*BRIEF*
Print exactly the lines that run from the first line of the material to the line containing "#87=AXIS2_PLACEMENT_3D($,#106,#95,#96);", both ends included, and skip the pictures.
[[ GIVEN RECORDS, beginning ]]
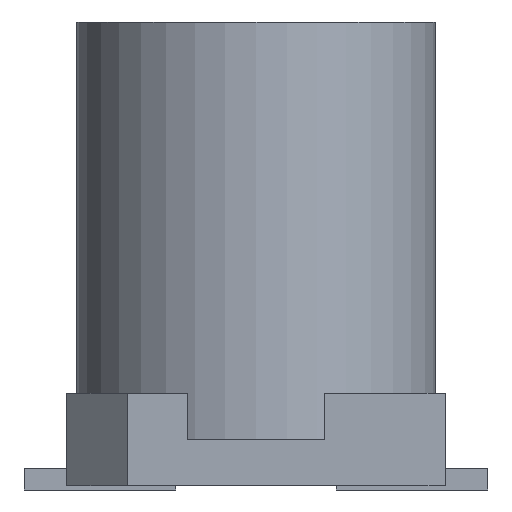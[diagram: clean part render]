
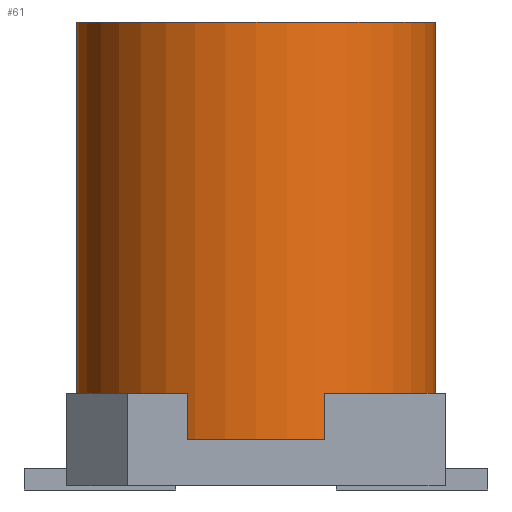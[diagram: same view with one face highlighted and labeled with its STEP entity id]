
A CAD part, front view. The second image highlights one B-rep face of the part: STEP entity #61.
In plain terms, the highlighted cylindrical face has radius 2.133 mm (diameter 4.266 mm), a full revolution.
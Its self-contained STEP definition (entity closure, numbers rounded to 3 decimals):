
#61=ADVANCED_FACE($,(#67,#66),#84,.T.);
#66=FACE_BOUND($,#71,.T.);
#67=FACE_OUTER_BOUND($,#70,.T.);
#70=EDGE_LOOP($,(#80));
#71=EDGE_LOOP($,(#81));
#74=CIRCLE($,#87,2.133);
#75=CIRCLE($,#88,2.133);
#76=VERTEX_POINT($,#105);
#77=VERTEX_POINT($,#107);
#78=EDGE_CURVE($,#76,#76,#74,.T.);
#79=EDGE_CURVE($,#77,#77,#75,.T.);
#80=ORIENTED_EDGE($,*,*,#78,.F.);
#81=ORIENTED_EDGE($,*,*,#79,.F.);
#84=CYLINDRICAL_SURFACE($,#86,2.133);
#86=AXIS2_PLACEMENT_3D($,#104,#93,#94);
#87=AXIS2_PLACEMENT_3D($,#106,#95,#96);
#88=AXIS2_PLACEMENT_3D($,#108,#97,#98);
#93=DIRECTION('center_axis',(0.,0.,1.));
#94=DIRECTION('ref_axis',(1.,0.,0.));
#95=DIRECTION('center_axis',(0.,0.,1.));
#96=DIRECTION('ref_axis',(1.,0.,0.));
#97=DIRECTION('center_axis',(0.,0.,-1.));
#98=DIRECTION('ref_axis',(1.,0.,0.));
#104=CARTESIAN_POINT('Origin',(0.0,0.0,0.605));
#105=CARTESIAN_POINT('',(-2.133,0.0,5.565));
#106=CARTESIAN_POINT('Origin',(0.0,0.0,5.565));
#107=CARTESIAN_POINT('',(-2.133,0.0,0.605));
#108=CARTESIAN_POINT('Origin',(0.0,0.0,0.605));
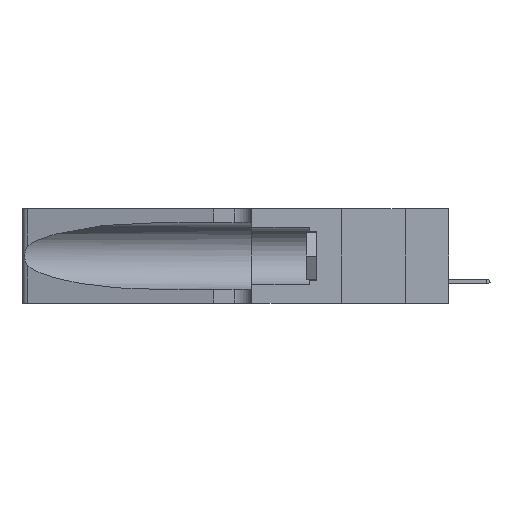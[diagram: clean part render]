
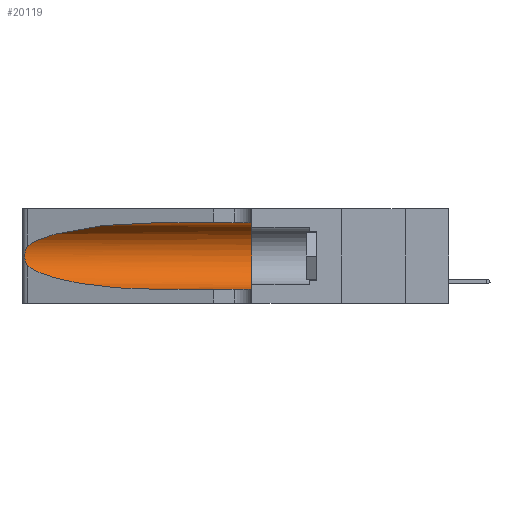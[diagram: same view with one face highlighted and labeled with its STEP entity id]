
A CAD part, left-side view. The second image highlights one B-rep face of the part: STEP entity #20119.
In plain terms, the highlighted cylindrical face has radius 3.308 mm (diameter 6.617 mm), a partial arc.
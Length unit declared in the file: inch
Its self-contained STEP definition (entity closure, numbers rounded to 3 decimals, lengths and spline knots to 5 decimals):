
#932 = CIRCLE ( 'NONE', #22670, 0.13025 ) ;
#968 = ORIENTED_EDGE ( 'NONE', *, *, #4817, .T. ) ;
#1196 = CARTESIAN_POINT ( 'NONE',  ( 0.25555, 1.22994, 0.2215 ) ) ;
#1681 = LINE ( 'NONE', #8208, #14781 ) ;
#2353 = VECTOR ( 'NONE', #12878, 39.37008 ) ;
#2369 = CARTESIAN_POINT ( 'NONE',  ( 0.2373, 1.15595, 0.08982 ) ) ;
#2759 = DIRECTION ( 'NONE',  ( 0., -1., 0. ) ) ;
#3141 = EDGE_LOOP ( 'NONE', ( #13742, #3476, #968, #5546, #4494, #24748 ) ) ;
#3268 = CARTESIAN_POINT ( 'NONE',  ( 0.25854, 1.2359, 0.20912 ) ) ;
#3385 = CARTESIAN_POINT ( 'NONE',  ( 0.1305, 0.72297, 0.31525 ) ) ;
#3476 = ORIENTED_EDGE ( 'NONE', *, *, #23371, .T. ) ;
#3527 = B_SPLINE_CURVE_WITH_KNOTS ( 'NONE', 3,
 ( #15874, #1196, #15524, #17959, #3268, #17877, #26011, #5349, #21911, #19680, #21745, #13734, #15692, #15785 ),
 .UNSPECIFIED., .F., .F.,
 ( 4, 2, 2, 2, 2, 2, 4 ),
 ( 0., 0.00027, 0.00053, 0.00107, 0.0016, 0.00187, 0.00214 ),
 .UNSPECIFIED. ) ;
#4494 = ORIENTED_EDGE ( 'NONE', *, *, #19451, .F. ) ;
#4817 = EDGE_CURVE ( 'NONE', #22895, #18114, #7486, .T. ) ;
#5315 = VERTEX_POINT ( 'NONE', #26392 ) ;
#5349 = CARTESIAN_POINT ( 'NONE',  ( 0.26075, 1.23896, 0.178 ) ) ;
#5529 = CARTESIAN_POINT ( 'NONE',  ( 0.1305, 0.35, 0.31525 ) ) ;
#5546 = ORIENTED_EDGE ( 'NONE', *, *, #22107, .T. ) ;
#6147 = CARTESIAN_POINT ( 'NONE',  ( 0.1305, 1.61858, 0.185 ) ) ;
#7486 =( BOUNDED_CURVE ( )  B_SPLINE_CURVE ( 3, ( #12343, #2369, #12590, #10218 ),
 .UNSPECIFIED., .F., .T. ) 
 B_SPLINE_CURVE_WITH_KNOTS ( ( 4, 4 ),
 ( 3.44316, 4.71239 ),
 .UNSPECIFIED. ) 
 CURVE ( )  GEOMETRIC_REPRESENTATION_ITEM ( )  RATIONAL_B_SPLINE_CURVE ( ( 1., 0.87, 0.87, 1. ) ) 
 REPRESENTATION_ITEM ( '' )  );
#7882 = LINE ( 'NONE', #22876, #2353 ) ;
#8208 = CARTESIAN_POINT ( 'NONE',  ( 0.1305, 1.61858, 0.31525 ) ) ;
#8977 =( BOUNDED_CURVE ( )  B_SPLINE_CURVE ( 3, ( #18991, #19262, #23309, #25443 ),
 .UNSPECIFIED., .F., .F. ) 
 B_SPLINE_CURVE_WITH_KNOTS ( ( 4, 4 ),
 ( 1.5708, 2.84003 ),
 .UNSPECIFIED. ) 
 CURVE ( )  GEOMETRIC_REPRESENTATION_ITEM ( )  RATIONAL_B_SPLINE_CURVE ( ( 1., 0.87, 0.87, 1. ) ) 
 REPRESENTATION_ITEM ( '' )  );
#10216 = FACE_OUTER_BOUND ( 'NONE', #3141, .T. ) ;
#10218 = CARTESIAN_POINT ( 'NONE',  ( 0.1305, 0.72297, 0.05475 ) ) ;
#10267 = DIRECTION ( 'NONE',  ( 0., 0., -1. ) ) ;
#10541 = DIRECTION ( 'NONE',  ( 0., 1., 0. ) ) ;
#12343 = CARTESIAN_POINT ( 'NONE',  ( 0.25487, 1.22718, 0.14631 ) ) ;
#12528 = EDGE_CURVE ( 'NONE', #19767, #25058, #1681, .T. ) ;
#12590 = CARTESIAN_POINT ( 'NONE',  ( 0.18966, 0.96281, 0.05475 ) ) ;
#12878 = DIRECTION ( 'NONE',  ( 0., -1., 0. ) ) ;
#13295 = EDGE_CURVE ( 'NONE', #19767, #26300, #8977, .T. ) ;
#13734 = CARTESIAN_POINT ( 'NONE',  ( 0.25639, 1.23186, 0.15144 ) ) ;
#13742 = ORIENTED_EDGE ( 'NONE', *, *, #13295, .T. ) ;
#14435 = DIRECTION ( 'NONE',  ( 0., -1., 0. ) ) ;
#14781 = VECTOR ( 'NONE', #2759, 39.37008 ) ;
#15524 = CARTESIAN_POINT ( 'NONE',  ( 0.25639, 1.23184, 0.21858 ) ) ;
#15692 = CARTESIAN_POINT ( 'NONE',  ( 0.25555, 1.22993, 0.14849 ) ) ;
#15785 = CARTESIAN_POINT ( 'NONE',  ( 0.25487, 1.22718, 0.14631 ) ) ;
#15874 = CARTESIAN_POINT ( 'NONE',  ( 0.25487, 1.22718, 0.22369 ) ) ;
#16497 = AXIS2_PLACEMENT_3D ( 'NONE', #6147, #14435, #10267 ) ;
#16549 = CARTESIAN_POINT ( 'NONE',  ( 0.1305, 0.72297, 0.05475 ) ) ;
#17877 = CARTESIAN_POINT ( 'NONE',  ( 0.26018, 1.23835, 0.19895 ) ) ;
#17959 = CARTESIAN_POINT ( 'NONE',  ( 0.25787, 1.23484, 0.2124 ) ) ;
#18114 = VERTEX_POINT ( 'NONE', #16549 ) ;
#18991 = CARTESIAN_POINT ( 'NONE',  ( 0.1305, 0.72297, 0.31525 ) ) ;
#19262 = CARTESIAN_POINT ( 'NONE',  ( 0.18966, 0.96281, 0.31525 ) ) ;
#19451 = EDGE_CURVE ( 'NONE', #25058, #5315, #932, .T. ) ;
#19680 = CARTESIAN_POINT ( 'NONE',  ( 0.25856, 1.23593, 0.16098 ) ) ;
#19767 = VERTEX_POINT ( 'NONE', #3385 ) ;
#19835 = CYLINDRICAL_SURFACE ( 'NONE', #16497, 0.13025 ) ;
#20119 = ADVANCED_FACE ( 'NONE', ( #10216 ), #19835, .F. ) ;
#20671 = CARTESIAN_POINT ( 'NONE',  ( 0.1305, 0.35, 0.185 ) ) ;
#21508 = CARTESIAN_POINT ( 'NONE',  ( 0.25487, 1.22718, 0.14631 ) ) ;
#21745 = CARTESIAN_POINT ( 'NONE',  ( 0.25789, 1.23486, 0.15765 ) ) ;
#21911 = CARTESIAN_POINT ( 'NONE',  ( 0.26017, 1.23833, 0.17102 ) ) ;
#22107 = EDGE_CURVE ( 'NONE', #18114, #5315, #7882, .T. ) ;
#22670 = AXIS2_PLACEMENT_3D ( 'NONE', #20671, #10541, #24892 ) ;
#22876 = CARTESIAN_POINT ( 'NONE',  ( 0.1305, 1.61858, 0.05475 ) ) ;
#22895 = VERTEX_POINT ( 'NONE', #21508 ) ;
#23309 = CARTESIAN_POINT ( 'NONE',  ( 0.2373, 1.15595, 0.28018 ) ) ;
#23371 = EDGE_CURVE ( 'NONE', #26300, #22895, #3527, .T. ) ;
#24748 = ORIENTED_EDGE ( 'NONE', *, *, #12528, .F. ) ;
#24892 = DIRECTION ( 'NONE',  ( 0., 0., 1. ) ) ;
#25058 = VERTEX_POINT ( 'NONE', #5529 ) ;
#25291 = CARTESIAN_POINT ( 'NONE',  ( 0.25487, 1.22718, 0.22369 ) ) ;
#25443 = CARTESIAN_POINT ( 'NONE',  ( 0.25487, 1.22718, 0.22369 ) ) ;
#26011 = CARTESIAN_POINT ( 'NONE',  ( 0.26075, 1.23896, 0.19203 ) ) ;
#26300 = VERTEX_POINT ( 'NONE', #25291 ) ;
#26392 = CARTESIAN_POINT ( 'NONE',  ( 0.1305, 0.35, 0.05475 ) ) ;
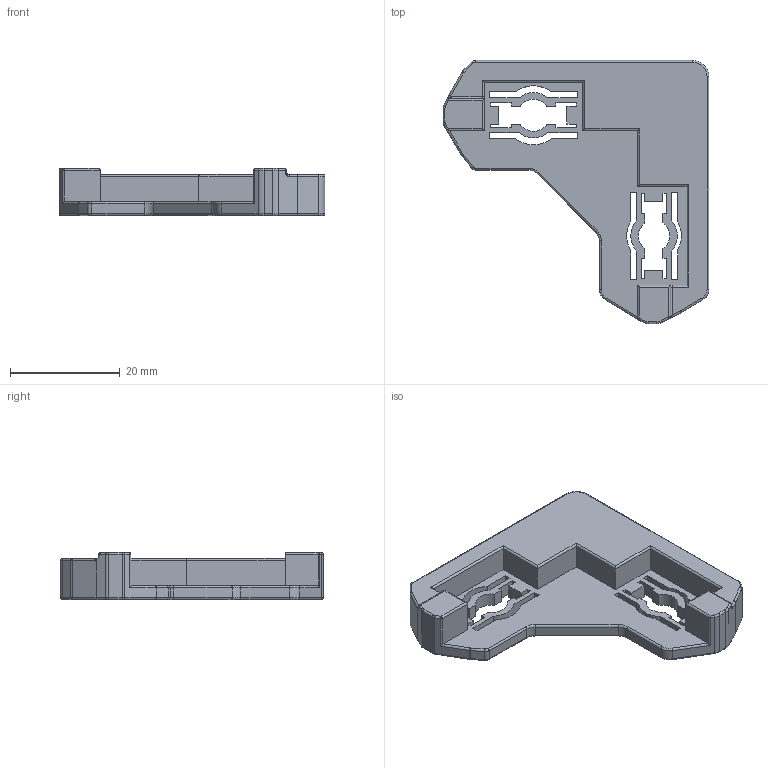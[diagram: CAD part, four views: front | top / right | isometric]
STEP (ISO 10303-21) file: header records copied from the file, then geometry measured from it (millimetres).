
FILE_DESCRIPTION(/* description */ (''),/* implementation_level */ '2;1');
FILE_NAME(/* name */ 'Voron Corner Lock 4mm v1.step',/* time_stamp */ '2023-03-01T00:09:47-06:00',/* author */ (''),/* organization */ (''),/* preprocessor_version */ 'ST-DEVELOPER v19.2',/* originating_system */ 'Autodesk Translation Framework v11.17.0.187',/* authorisation */ '');
FILE_SCHEMA (('AUTOMOTIVE_DESIGN { 1 0 10303 214 3 1 1 }'));
Length unit declared in the file: millimetre
Products named in the file (1): Voron Corner Lock 4mm
Bounding box: 48.5 x 48 x 8.6 mm (x, y, z)
Volume: 6916.8 mm3; surface area: 4850.4 mm2
Topology: 1 solids, 1 shells, 239 faces, 611 edges, 377 vertices
Faces by surface type: plane 115, cylinder 80, torus 28, bspline 9, sphere 7
Entity records: 8046 total; most frequent: CARTESIAN_POINT 2139, DIRECTION 1239, ORIENTED_EDGE 1222, EDGE_CURVE 611, AXIS2_PLACEMENT_3D 415, LINE 409, VECTOR 409, VERTEX_POINT 377
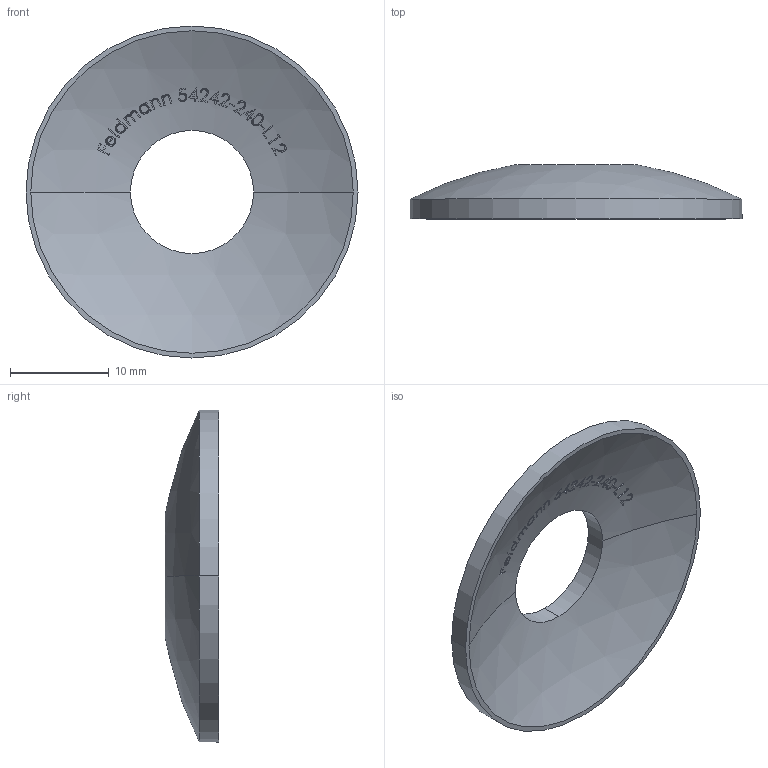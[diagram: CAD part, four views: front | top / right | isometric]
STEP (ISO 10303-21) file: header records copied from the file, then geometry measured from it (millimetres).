
FILE_DESCRIPTION (( 'STEP AP203' ), '1' );
FILE_NAME ('54233-240-L12.step', '2018-12-11T12:11:45', ( '' ), ( '' ), 'SwSTEP 2.0', 'SolidWorks 2015', '' );
FILE_SCHEMA (( 'CONFIG_CONTROL_DESIGN' ));
Length unit declared in the file: millimetre
Products named in the file (1): 54233-240-L12
Bounding box: 33.7 x 5.48 x 33.7 mm (x, y, z)
Volume: 1636.5 mm3; surface area: 1940.3 mm2
Topology: 1 solids, 1 shells, 269 faces, 718 edges, 478 vertices
Faces by surface type: plane 144, bspline 89, sphere 32, cylinder 4
Entity records: 12294 total; most frequent: CARTESIAN_POINT 5802, ORIENTED_EDGE 1436, DIRECTION 1206, EDGE_CURVE 718, AXIS2_PLACEMENT_3D 485, VERTEX_POINT 478, CIRCLE 304, EDGE_LOOP 298
[[ GIVEN RECORDS, end ]]
*TASK SOLUTION*
[diagram: clean part render]
[diagram: same view with one face highlighted and labeled with its STEP entity id]
A CAD part, front view. The second image highlights one B-rep face of the part: STEP entity #61.
In plain terms, the highlighted cylindrical face has radius 2.133 mm (diameter 4.266 mm), a full revolution.
Its self-contained STEP definition (entity closure, numbers rounded to 3 decimals):
#61=ADVANCED_FACE($,(#67,#66),#84,.T.);
#66=FACE_BOUND($,#71,.T.);
#67=FACE_OUTER_BOUND($,#70,.T.);
#70=EDGE_LOOP($,(#80));
#71=EDGE_LOOP($,(#81));
#74=CIRCLE($,#87,2.133);
#75=CIRCLE($,#88,2.133);
#76=VERTEX_POINT($,#105);
#77=VERTEX_POINT($,#107);
#78=EDGE_CURVE($,#76,#76,#74,.T.);
#79=EDGE_CURVE($,#77,#77,#75,.T.);
#80=ORIENTED_EDGE($,*,*,#78,.F.);
#81=ORIENTED_EDGE($,*,*,#79,.F.);
#84=CYLINDRICAL_SURFACE($,#86,2.133);
#86=AXIS2_PLACEMENT_3D($,#104,#93,#94);
#87=AXIS2_PLACEMENT_3D($,#106,#95,#96);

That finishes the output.